Here's the best part... as I continued development, I encountered the issue again, where all exceptions became uncatchable again.  So I simply commented out the call to DoNothing(), recompiled, and now exceptions work again.  I have gone through this iteration at least two or three more times, where I continue development, rebuild, and find that exceptions are no longer being caught.  I then flip the commented/uncommented state of the DoNothing() call, rebuild, and debug, and the system works fine again.  The DoNothing() call has become a toggle switch in the code; it either MUST be present, or MUST NOT be present, for a given set of code to build and operate correctly.

This smells like some sort of alignment issue, where inserting a small blob of code (e.g. the call to DoNothing()) causes something in the build to misalign, or fixes an existing misalignment.  However, I have no idea where to start looking at this.  All I know is that this issue is 100% reproducible with my current codebase.  I can toggle whether DoNothing() is or isn't called by the constructor, and that either breaks catching exceptions globally, or fixes them.  And to reiterate, my program doesn't even call the object prior to calling VerifyExceptions() in main().  My object is a singleton that is initialized by a GetInstance() method, and I've verified that DoNothing(), when enabled, isn't called until much further down in main(), well past VerifyExceptions().

And to emphasize, I am NOT having an issue with unexpected exceptions; this is an issue where exceptions are wholly anticipated and should be caught with valid try/catch statements, but for whatever reason, any exception causes terminate() to be called.

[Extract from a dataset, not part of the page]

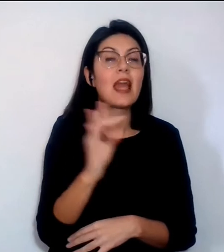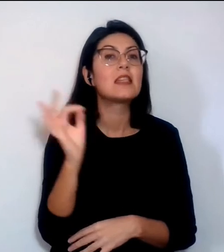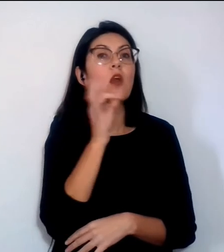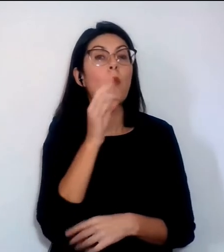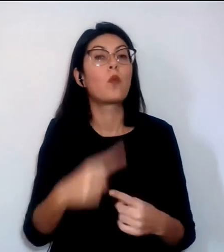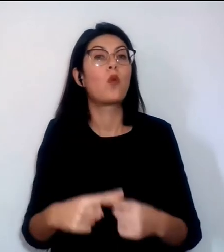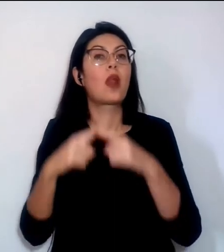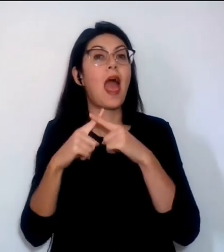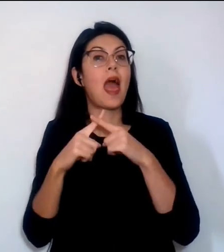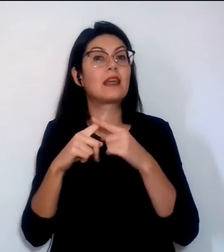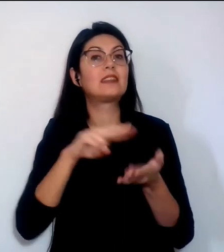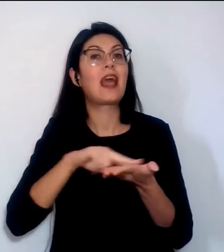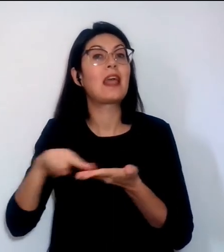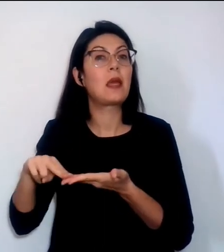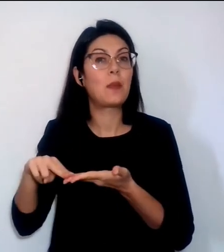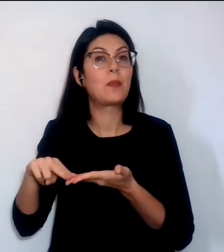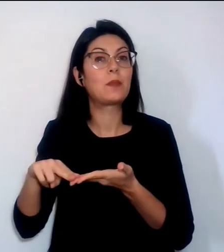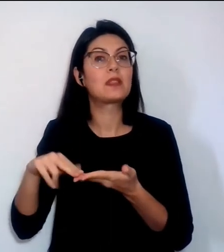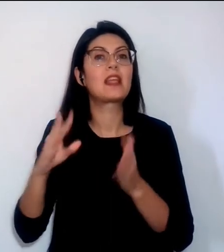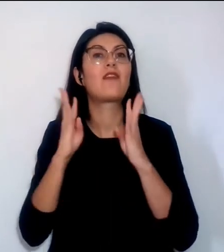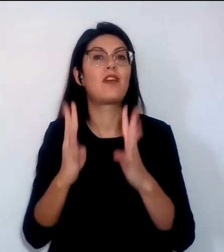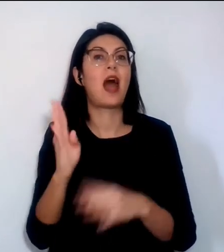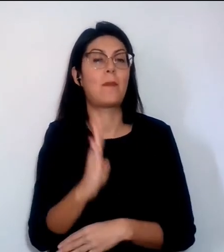IMSS in Viale Belfiore.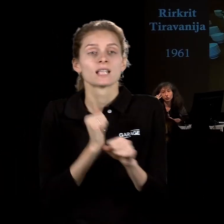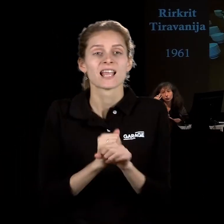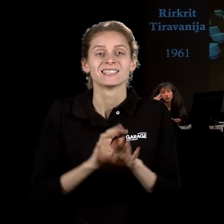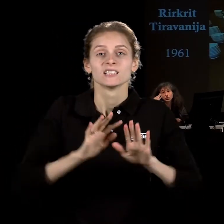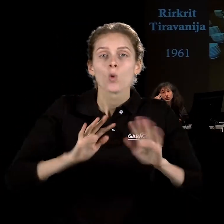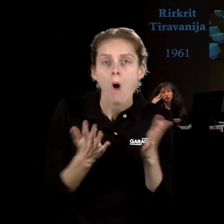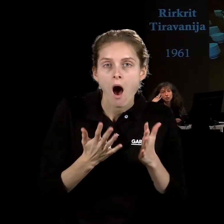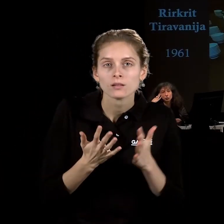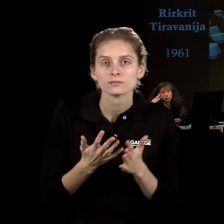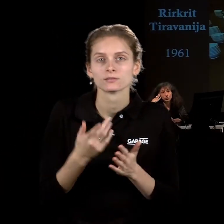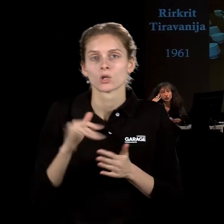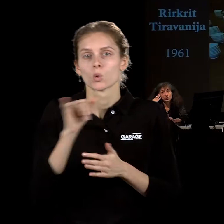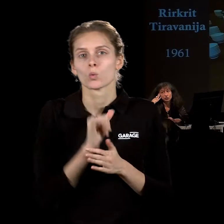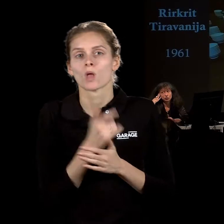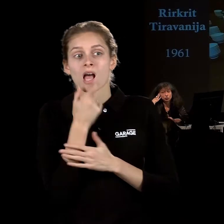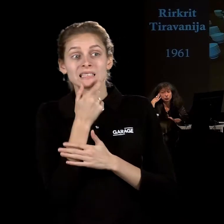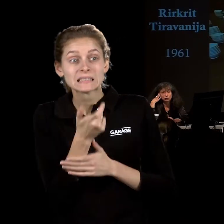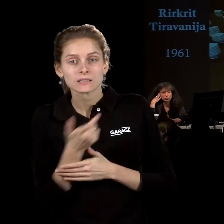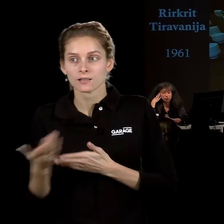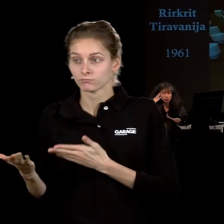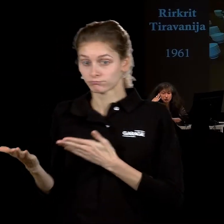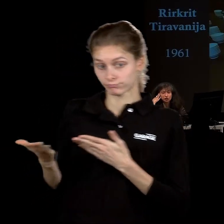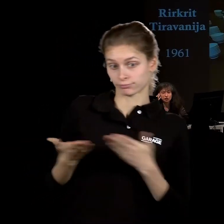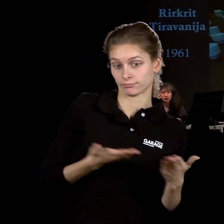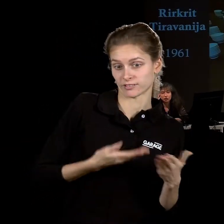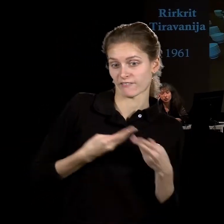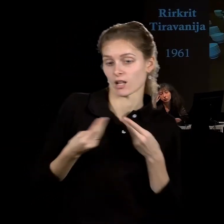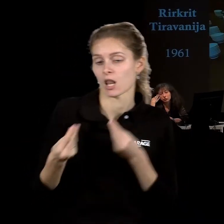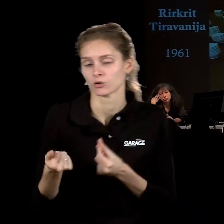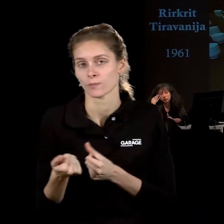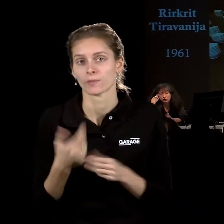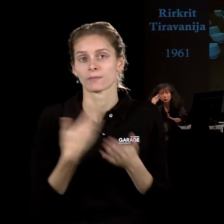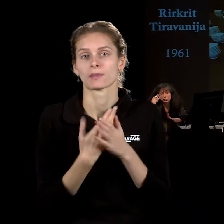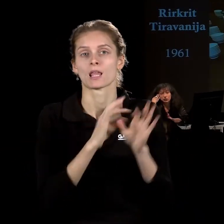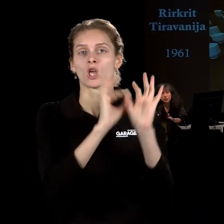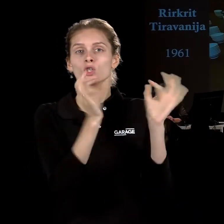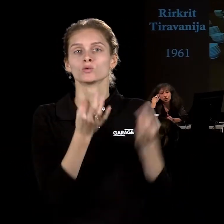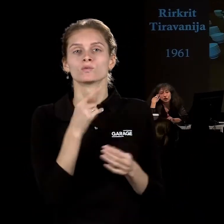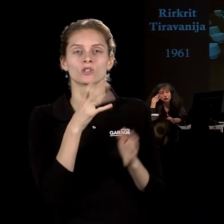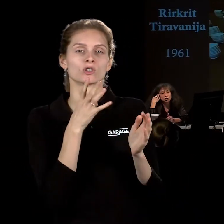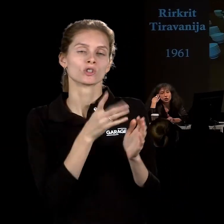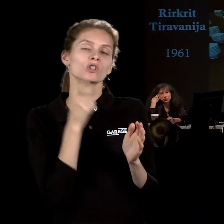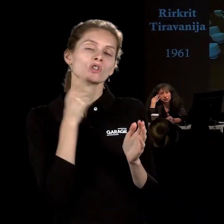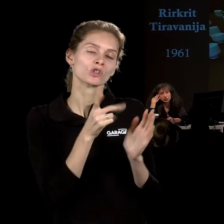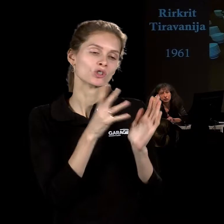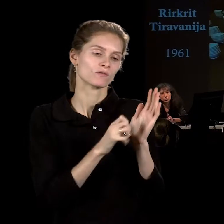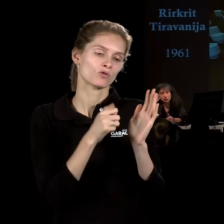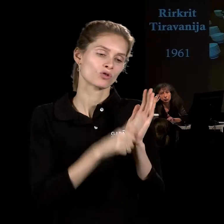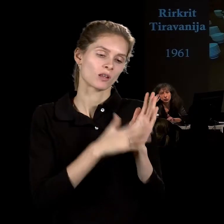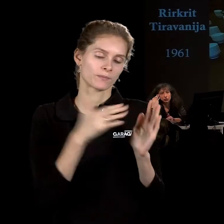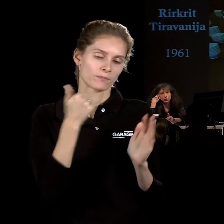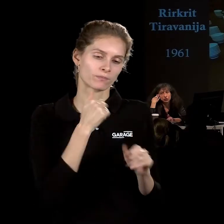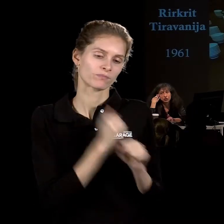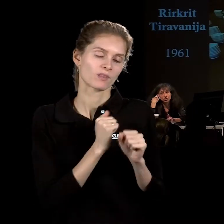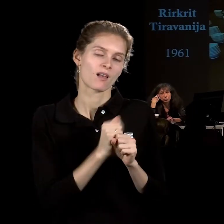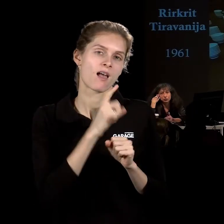в которые вовлечён зритель. Причём, если искусство 60-х годов достаточно часто создавало

So... how should I start looking into this?  Version info below:

arm-none-eabi-gcc.exe (GNU Tools for Arm Embedded Processors 7-2017-q4-major) 7.2.1 20170904 (release)

Windows 10 Pro v1803 patched, NXP MCUXpresso v10.2.1, NXP Kinetis K24 (MK24FN1M0VLL12)

  • Hi David,

    The symptoms you explain point to some a memory leak or a buffer overflow or section overlap. 

    I'd start with a few sanity checks (sorry, I don't know if you've already done this).

    1. Try a later toolchain (7-2018-q2-update)  to see if the problem persists

    2. Try building on Linux toolchain?

    3. I'd go back to the linker map file(s) and double-check all the limits of text section, data section etc. Also check if the heap and stack are non-overlapping or have been mapped to RAM correctly.

    4. Check if all the startup code/drivers copy all ROM to RAM correctly.

    5. Check if you have unaligned accesses across regions in the system memory map?

    6. Check if you have any activity happening in the bitband aliassed region that are accidentally toggling bits its corresponding bitband regions in SRAM.